(What is expected): Copy each entry below verbatim. Skip the pictures.

#### Records shown ####

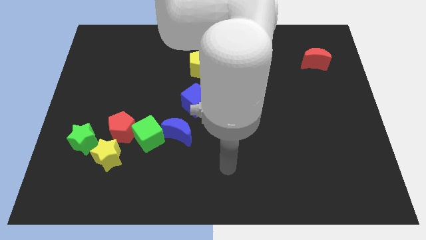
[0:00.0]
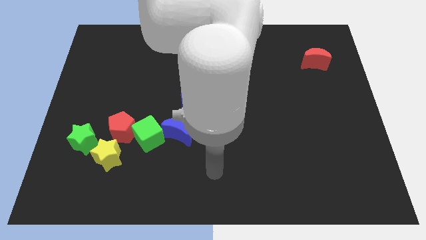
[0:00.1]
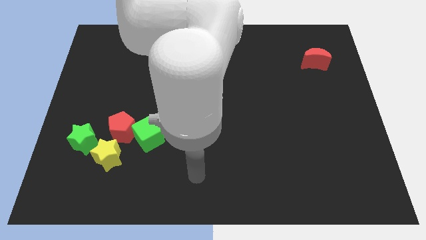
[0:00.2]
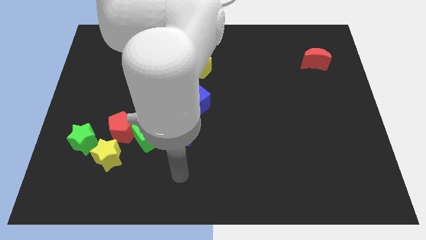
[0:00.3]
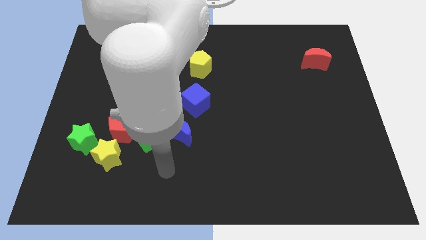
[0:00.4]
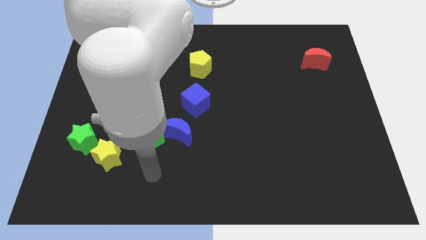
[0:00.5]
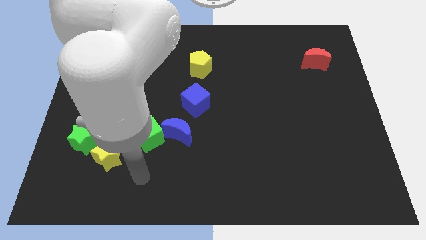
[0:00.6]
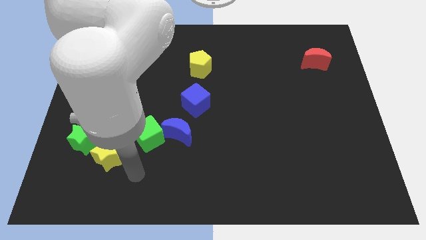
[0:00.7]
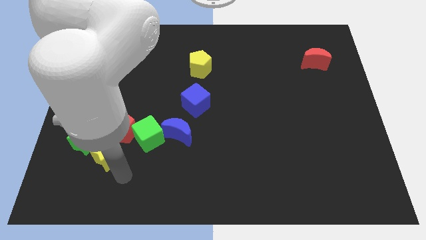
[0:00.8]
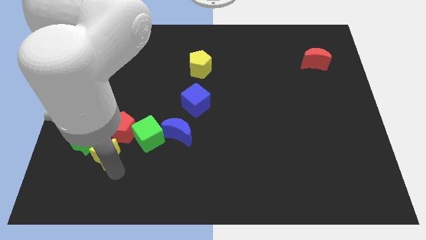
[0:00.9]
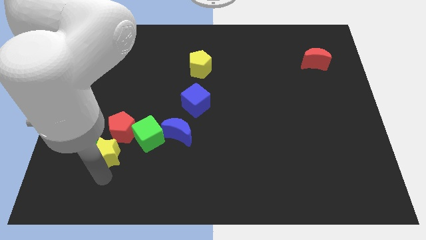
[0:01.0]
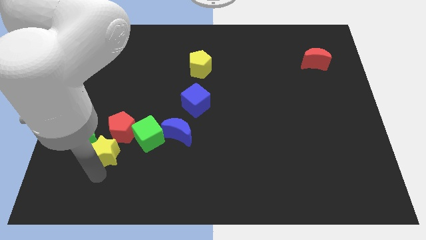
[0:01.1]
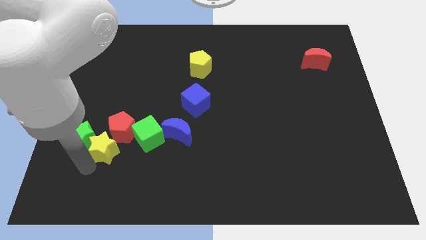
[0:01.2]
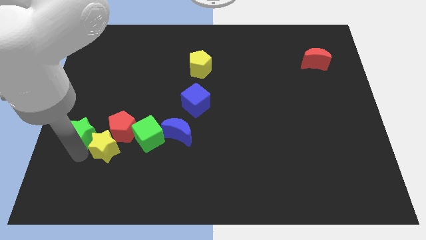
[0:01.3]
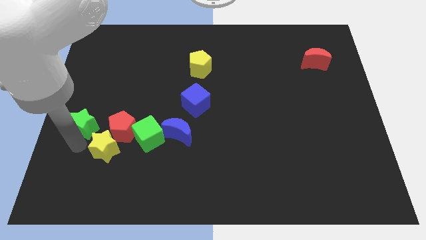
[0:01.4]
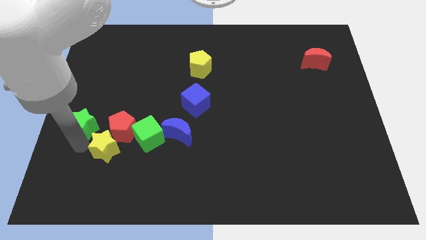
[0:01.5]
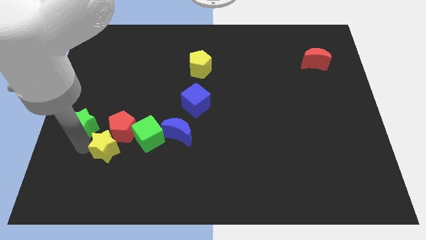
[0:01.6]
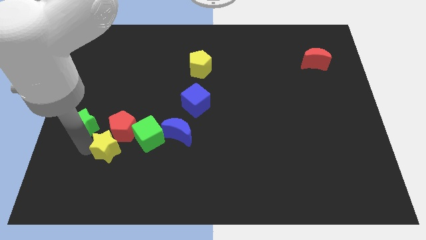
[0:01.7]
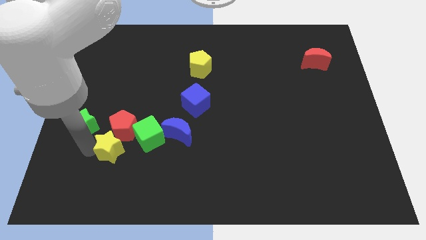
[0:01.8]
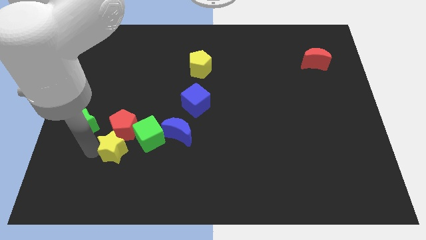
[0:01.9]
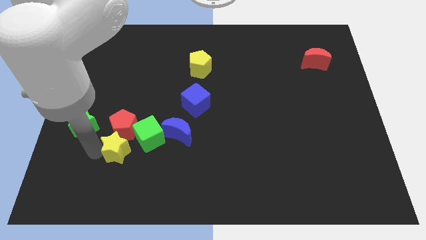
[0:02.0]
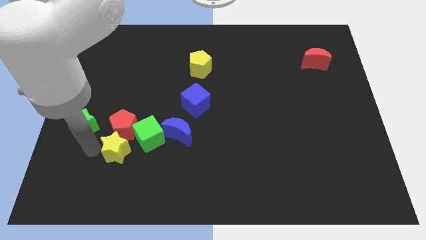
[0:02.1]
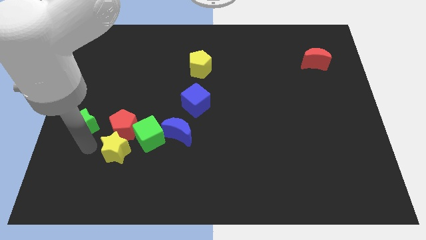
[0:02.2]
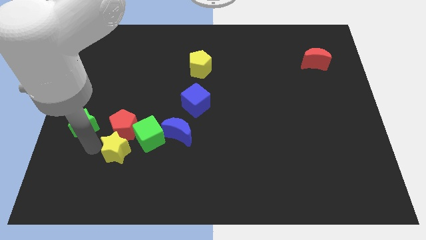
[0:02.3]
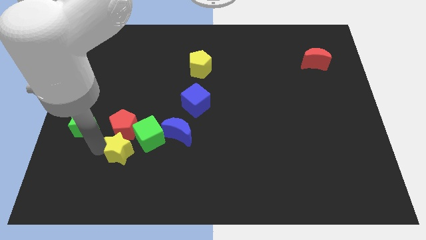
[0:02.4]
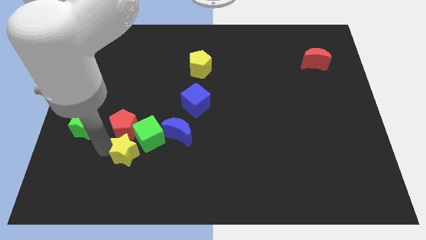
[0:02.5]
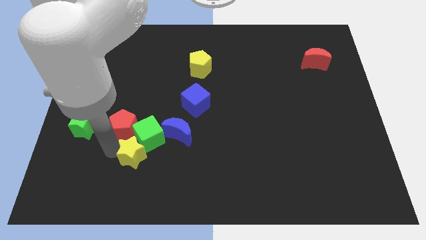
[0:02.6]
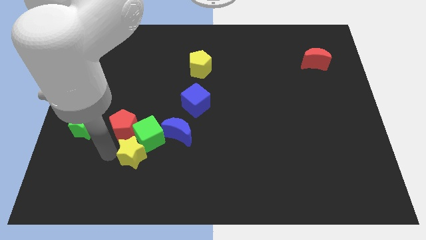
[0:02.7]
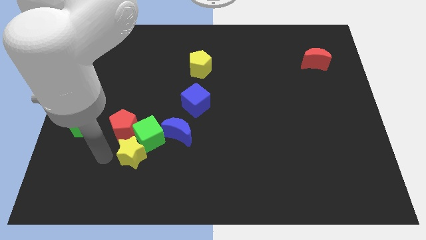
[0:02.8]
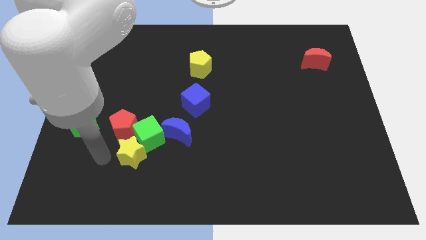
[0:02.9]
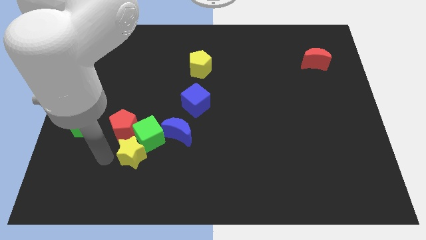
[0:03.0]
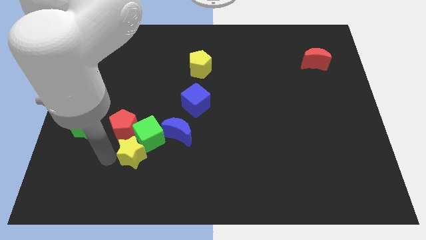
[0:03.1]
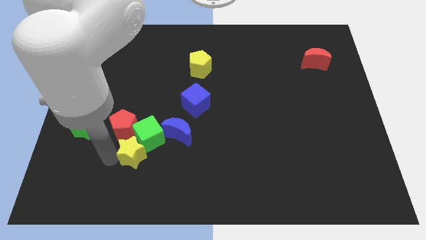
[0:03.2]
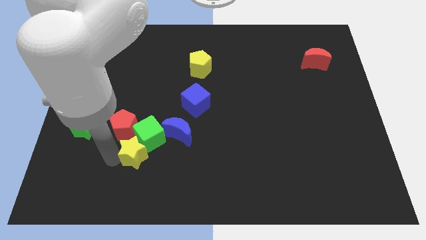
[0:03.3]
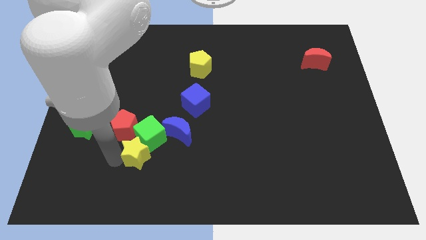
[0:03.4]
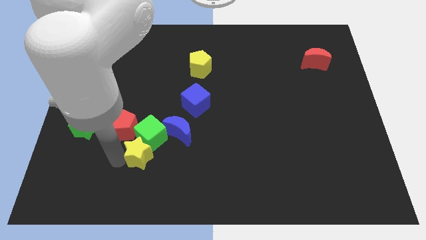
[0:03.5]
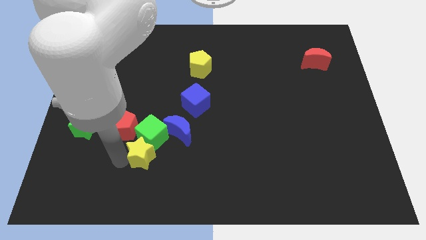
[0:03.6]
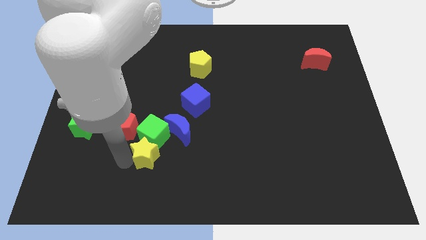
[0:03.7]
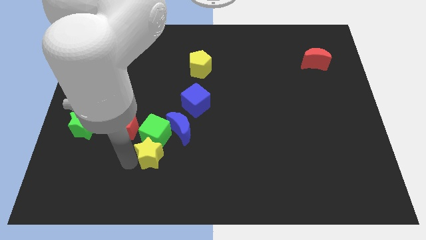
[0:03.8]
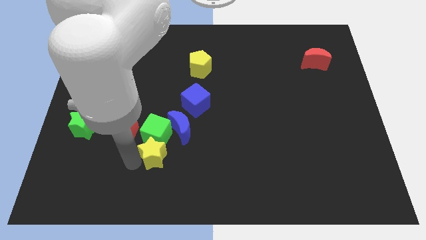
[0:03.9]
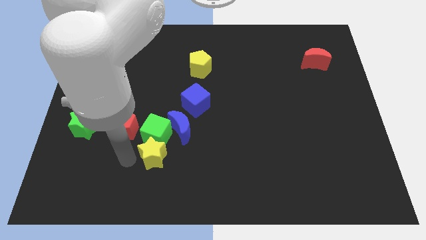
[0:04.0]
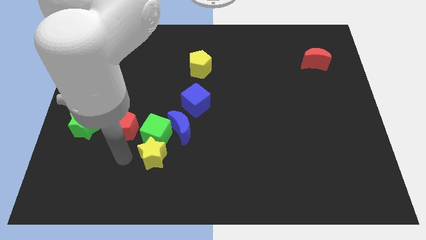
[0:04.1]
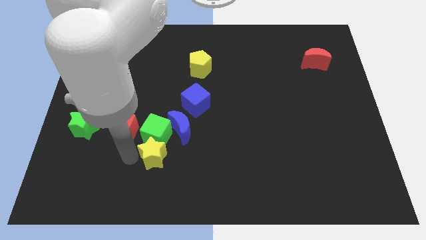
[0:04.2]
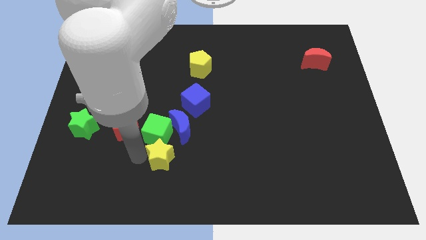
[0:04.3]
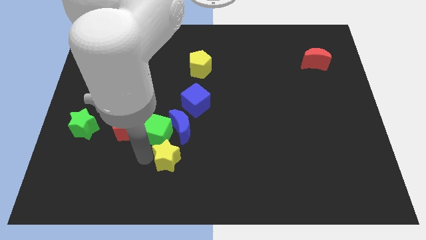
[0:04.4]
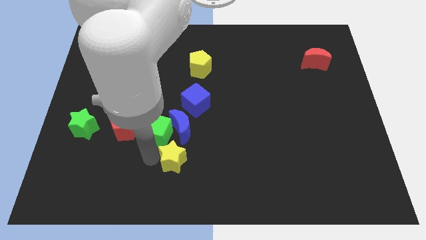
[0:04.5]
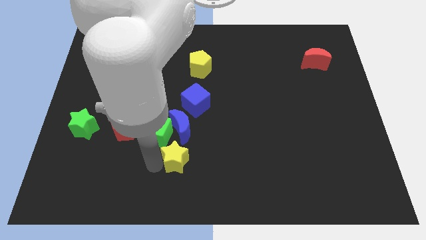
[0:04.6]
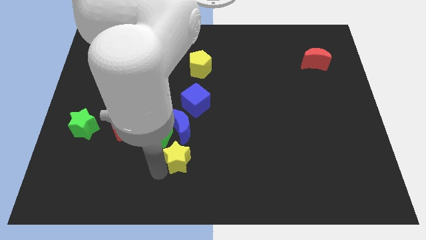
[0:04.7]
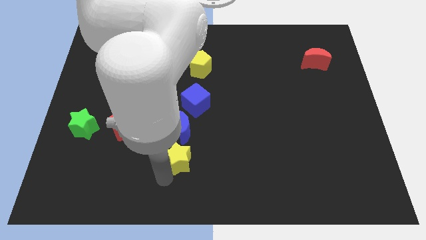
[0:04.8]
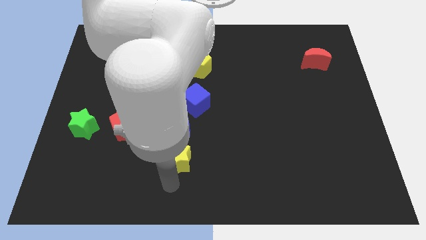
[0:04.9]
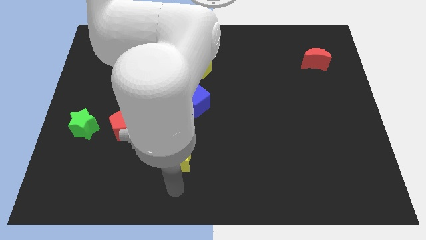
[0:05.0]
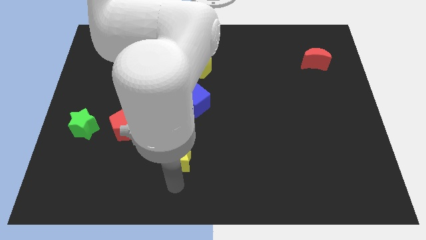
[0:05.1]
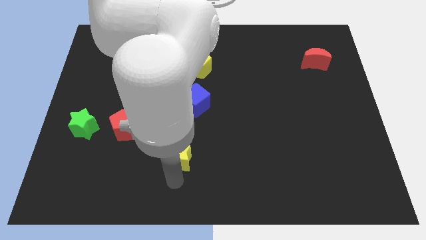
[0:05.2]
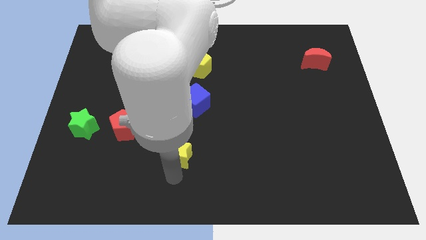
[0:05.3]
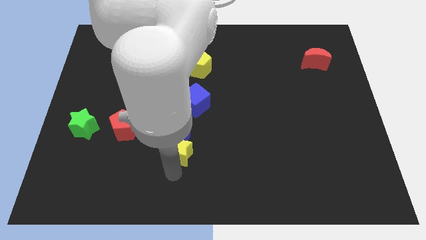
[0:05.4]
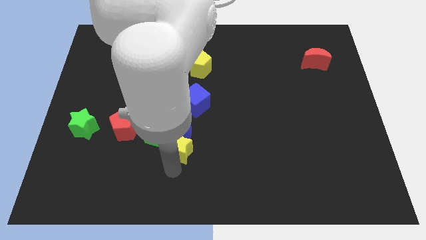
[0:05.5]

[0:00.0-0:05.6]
slide the yellow star to the blue moon

####

(Solution to the exercise):
[0:00.0]
[0:00.1]
[0:00.2]
[0:00.3]
[0:00.4]
[0:00.5]
[0:00.6]
[0:00.7]
[0:00.8]
[0:00.9]
[0:01.0]
[0:01.1]
[0:01.2]
[0:01.3]
[0:01.4]
[0:01.5]
[0:01.6]
[0:01.7]
[0:01.8]
[0:01.9]
[0:02.0]
[0:02.1]
[0:02.2]
[0:02.3]
[0:02.4]
[0:02.5]
[0:02.6]
[0:02.7]
[0:02.8]
[0:02.9]
[0:03.0]
[0:03.1]
[0:03.2]
[0:03.3]
[0:03.4]
[0:03.5]
[0:03.6]
[0:03.7]
[0:03.8]
[0:03.9]
[0:04.0]
[0:04.1]
[0:04.2]
[0:04.3]
[0:04.4]
[0:04.5]
[0:04.6]
[0:04.7]
[0:04.8]
[0:04.9]
[0:05.0]
[0:05.1]
[0:05.2]
[0:05.3]
[0:05.4]
[0:05.5]

[0:00.0-0:05.6]
slide the yellow star to the blue moon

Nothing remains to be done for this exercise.